INPUT DATA:
--*--

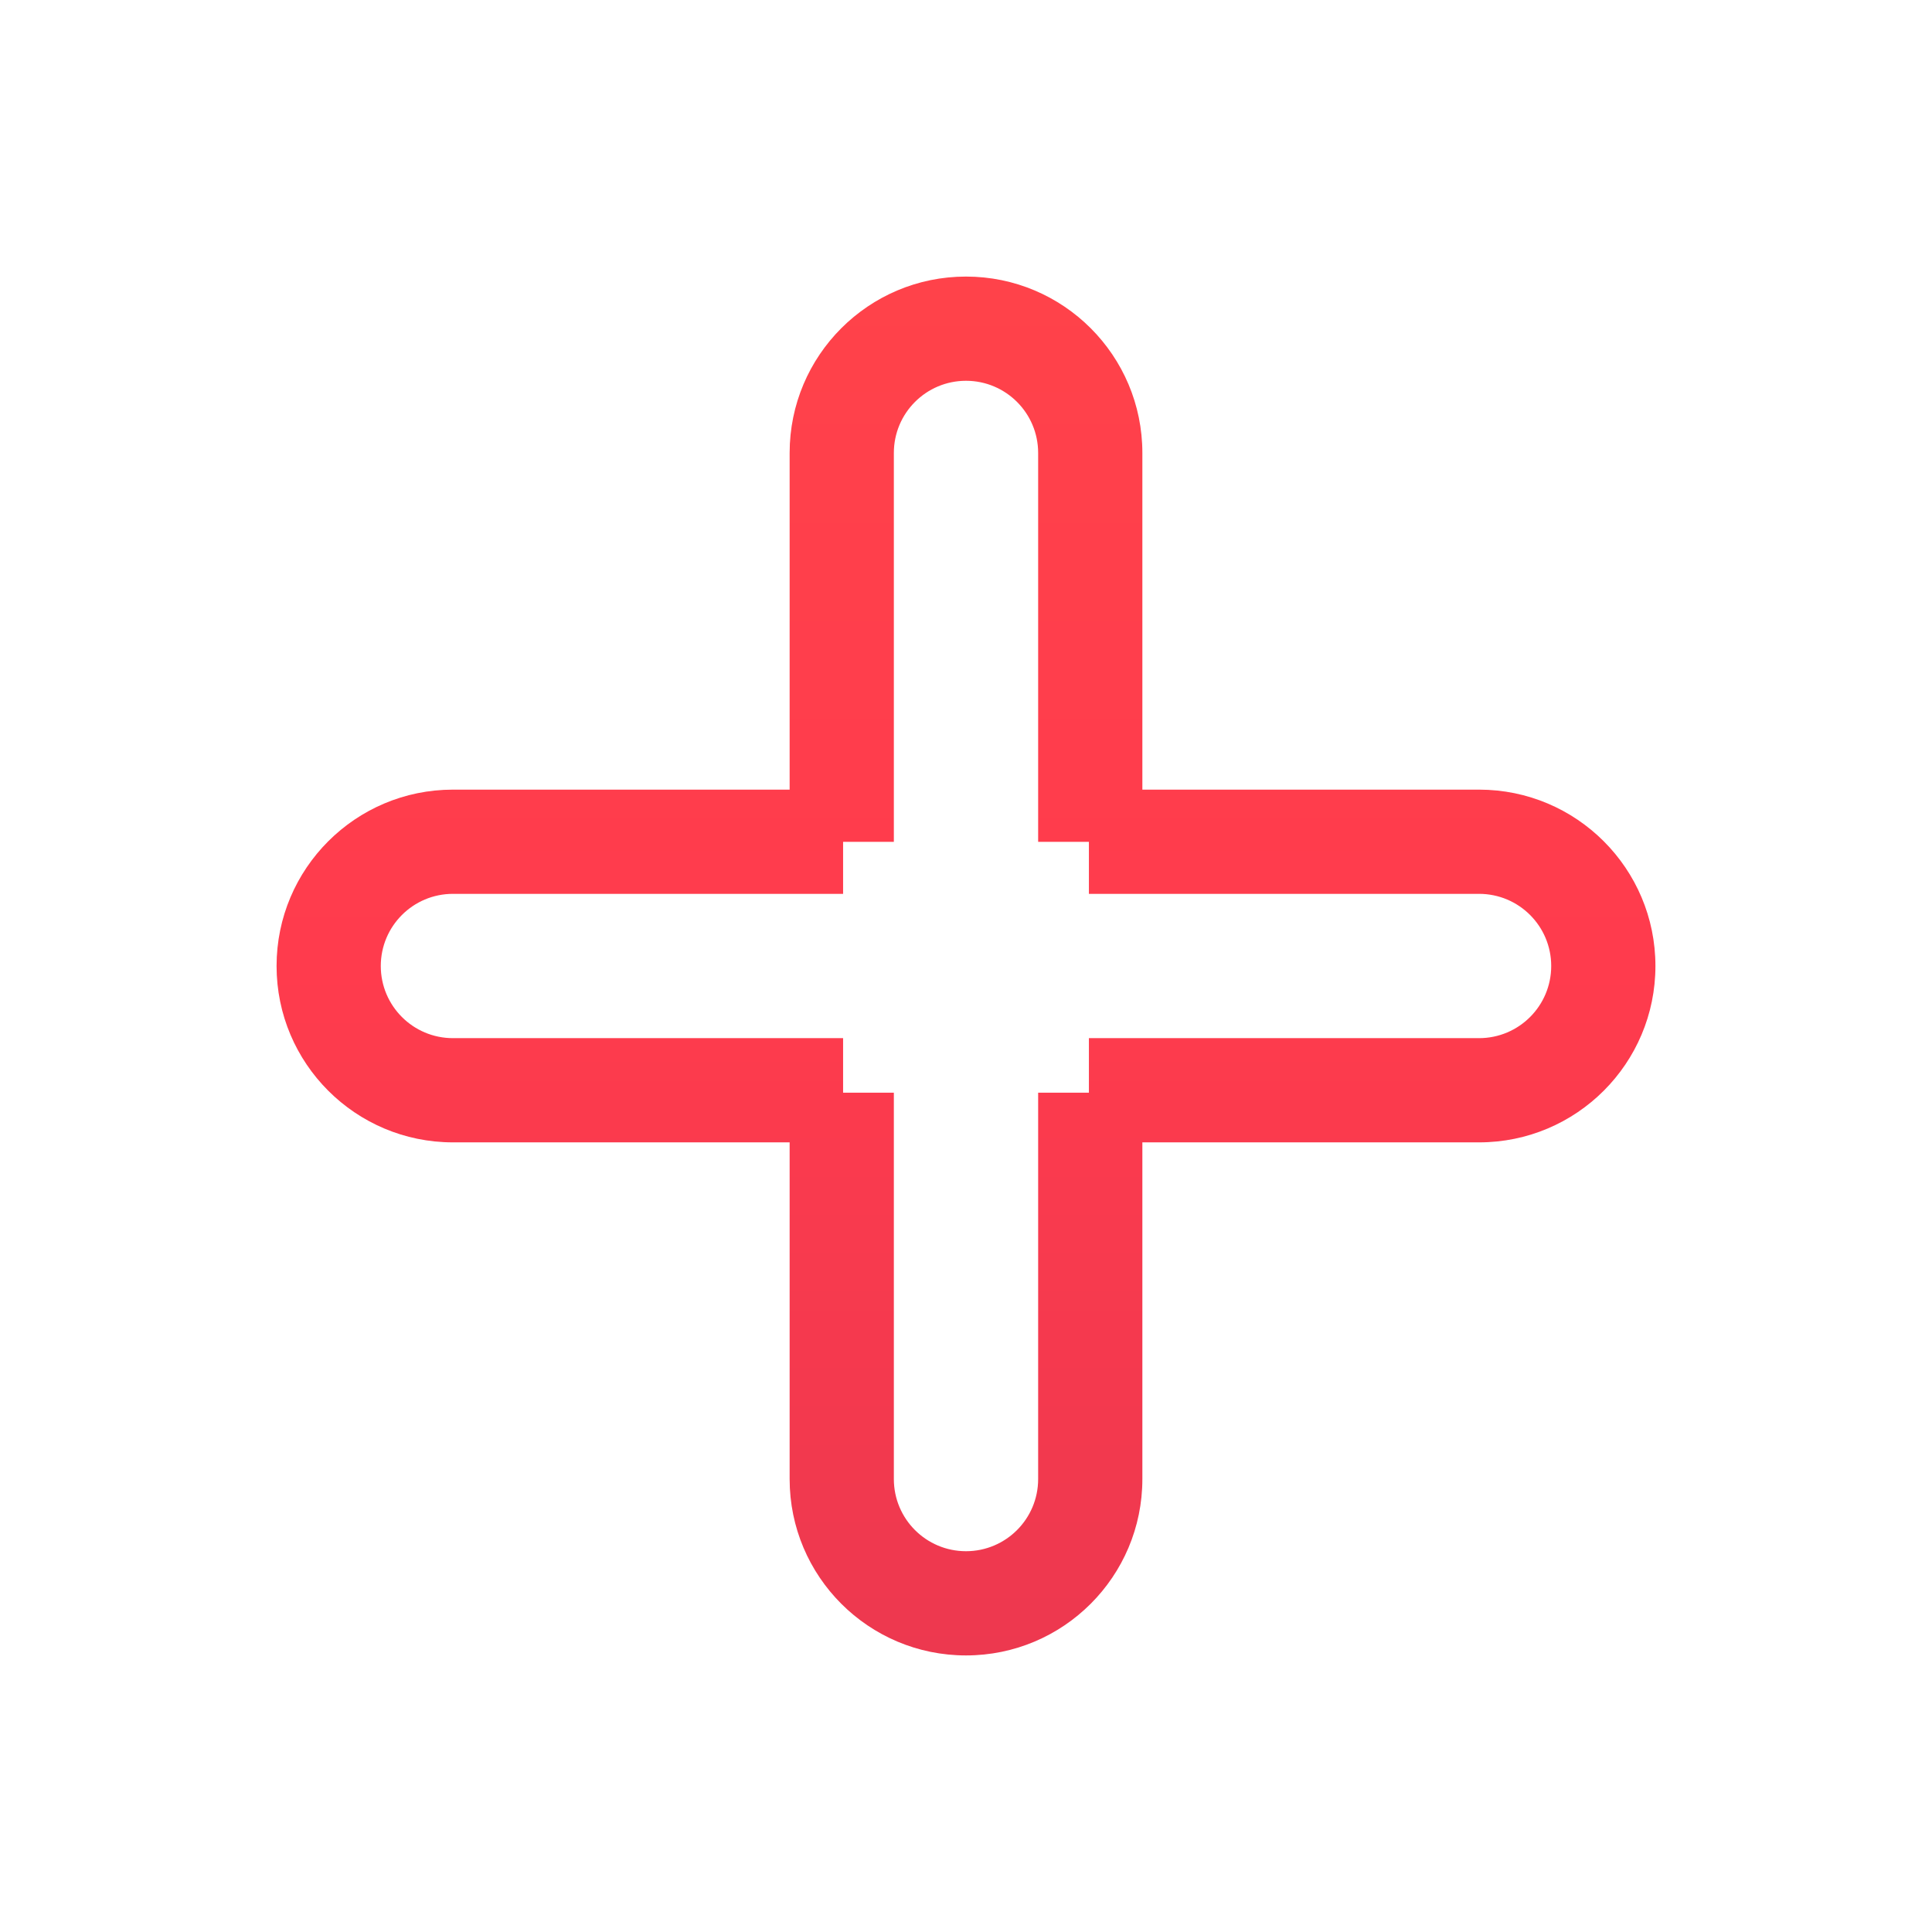 <?xml version="1.0" encoding="UTF-8"?> <svg xmlns="http://www.w3.org/2000/svg" width="241" height="241" viewBox="0 0 241 241" fill="none"><g filter="url(#filter0_f_125_1132)"><path fill-rule="evenodd" clip-rule="evenodd" d="M56.5 98.5L98.5 98.5V56.5C98.5 44.35 108.35 34.5 120.5 34.5C132.65 34.5 142.5 44.35 142.5 56.5V98.5H184.5C196.65 98.5 206.5 108.35 206.5 120.5C206.5 132.65 196.65 142.5 184.5 142.5L142.5 142.5V184.5C142.5 196.65 132.65 206.5 120.5 206.5C108.35 206.5 98.5 196.65 98.5 184.5V142.5L56.5 142.5C44.35 142.5 34.5 132.65 34.5 120.5C34.5 108.35 44.35 98.5 56.5 98.5ZM120.5 47.5C125.471 47.5 129.5 51.529 129.5 56.5V105.011H135.831V111.5H184.5C189.471 111.5 193.5 115.529 193.5 120.5C193.5 125.471 189.471 129.5 184.5 129.5L135.831 129.5V136.305H129.5V184.5C129.5 189.471 125.471 193.5 120.5 193.5C115.529 193.5 111.5 189.471 111.5 184.5V136.305H105.169V129.5L56.5 129.5C51.529 129.5 47.5 125.471 47.5 120.5C47.5 115.529 51.529 111.5 56.5 111.5H105.169V105.011H111.5V56.5C111.5 51.529 115.529 47.5 120.5 47.5Z" fill="url(#paint0_linear_125_1132)"></path></g><defs><filter id="filter0_f_125_1132" x="0.5" y="0.5" width="240" height="240" filterUnits="userSpaceOnUse" color-interpolation-filters="sRGB"><feFlood flood-opacity="0" result="BackgroundImageFix"></feFlood><feBlend mode="normal" in="SourceGraphic" in2="BackgroundImageFix" result="shape"></feBlend><feGaussianBlur stdDeviation="17" result="effect1_foregroundBlur_125_1132"></feGaussianBlur></filter><linearGradient id="paint0_linear_125_1132" x1="120.5" y1="34.5" x2="120.5" y2="206.5" gradientUnits="userSpaceOnUse"><stop stop-color="#FF424A"></stop><stop offset="0.5" stop-color="#FF3B4D"></stop><stop offset="1" stop-color="#ED384F"></stop></linearGradient></defs></svg> 
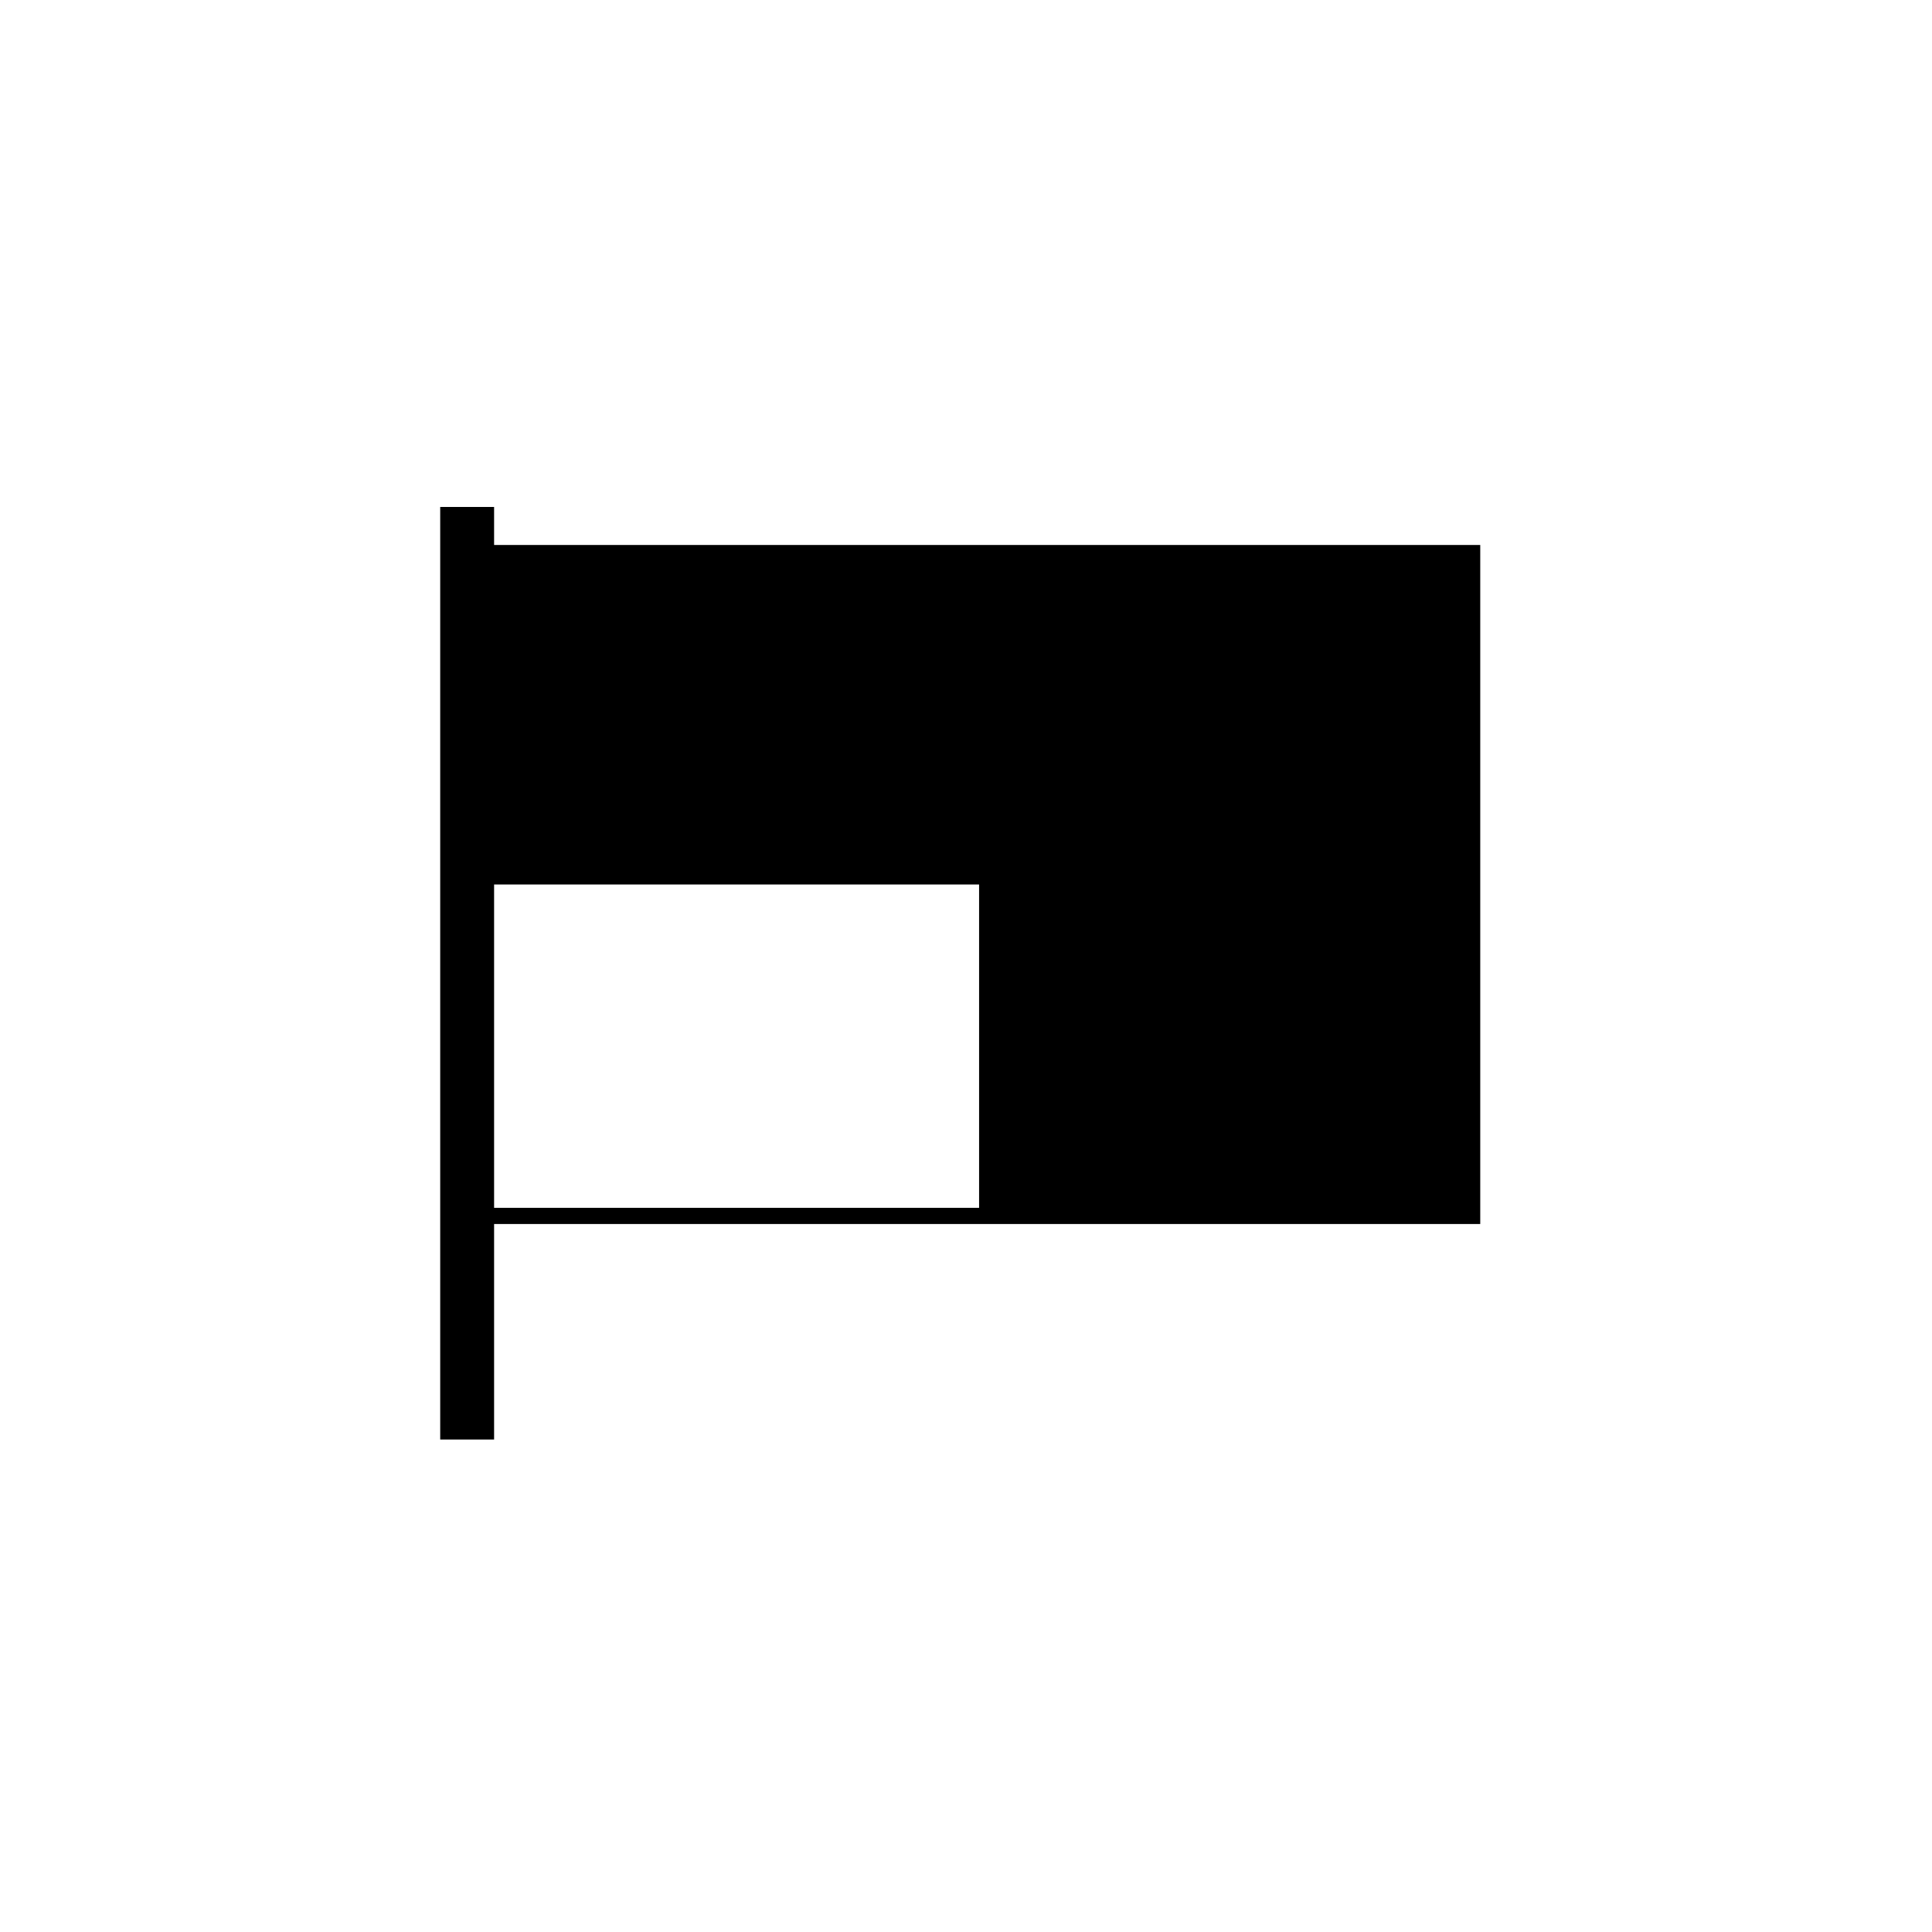 <?xml version="1.0" encoding="UTF-8"?>
<!-- Uploaded to: SVG Repo, www.svgrepo.com, Generator: SVG Repo Mixer Tools -->
<svg fill="#000000" width="800px" height="800px" version="1.1" viewBox="144 144 512 512" xmlns="http://www.w3.org/2000/svg">
 <path d="m274.94 288.43v-10.078h-14.281v247.14h14.281v-57.121h261.34v-179.95zm128.52 175.66h-128.52v-85.691h128.53v85.691z"/>
</svg>

--*--

WHAT NEEDS TO BE DONE:
When copying the entries above, keep each word as it is and exclude any image.

RESULT OF THE EXERCISE:
 <?xml version="1.0" encoding="UTF-8"?> <svg xmlns="http://www.w3.org/2000/svg" width="241" height="241" viewBox="0 0 241 241" fill="none"><g filter="url(#filter0_f_125_1132)"><path fill-rule="evenodd" clip-rule="evenodd" d="M56.5 98.5L98.5 98.5V56.5C98.5 44.35 108.35 34.5 120.5 34.5C132.65 34.5 142.5 44.35 142.5 56.5V98.5H184.5C196.65 98.5 206.5 108.35 206.5 120.5C206.5 132.65 196.65 142.5 184.5 142.5L142.5 142.5V184.5C142.5 196.65 132.65 206.5 120.5 206.5C108.35 206.5 98.5 196.65 98.5 184.5V142.5L56.5 142.5C44.35 142.5 34.5 132.65 34.5 120.5C34.5 108.35 44.35 98.5 56.5 98.5ZM120.5 47.5C125.471 47.5 129.5 51.529 129.5 56.5V105.011H135.831V111.5H184.5C189.471 111.5 193.5 115.529 193.5 120.5C193.5 125.471 189.471 129.5 184.5 129.5L135.831 129.5V136.305H129.5V184.5C129.5 189.471 125.471 193.5 120.5 193.5C115.529 193.5 111.5 189.471 111.5 184.5V136.305H105.169V129.5L56.5 129.5C51.529 129.5 47.5 125.471 47.5 120.5C47.5 115.529 51.529 111.5 56.5 111.5H105.169V105.011H111.5V56.5C111.5 51.529 115.529 47.5 120.5 47.5Z" fill="url(#paint0_linear_125_1132)"></path></g><defs><filter id="filter0_f_125_1132" x="0.5" y="0.5" width="240" height="240" filterUnits="userSpaceOnUse" color-interpolation-filters="sRGB"><feFlood flood-opacity="0" result="BackgroundImageFix"></feFlood><feBlend mode="normal" in="SourceGraphic" in2="BackgroundImageFix" result="shape"></feBlend><feGaussianBlur stdDeviation="17" result="effect1_foregroundBlur_125_1132"></feGaussianBlur></filter><linearGradient id="paint0_linear_125_1132" x1="120.5" y1="34.5" x2="120.5" y2="206.5" gradientUnits="userSpaceOnUse"><stop stop-color="#FF424A"></stop><stop offset="0.5" stop-color="#FF3B4D"></stop><stop offset="1" stop-color="#ED384F"></stop></linearGradient></defs></svg> 
 <?xml version="1.0" encoding="UTF-8"?>
<!-- Uploaded to: SVG Repo, www.svgrepo.com, Generator: SVG Repo Mixer Tools -->
<svg fill="#000000" width="800px" height="800px" version="1.1" viewBox="144 144 512 512" xmlns="http://www.w3.org/2000/svg">
 <path d="m274.94 288.43v-10.078h-14.281v247.14h14.281v-57.121h261.34v-179.95zm128.52 175.66h-128.52v-85.691h128.53v85.691z"/>
</svg>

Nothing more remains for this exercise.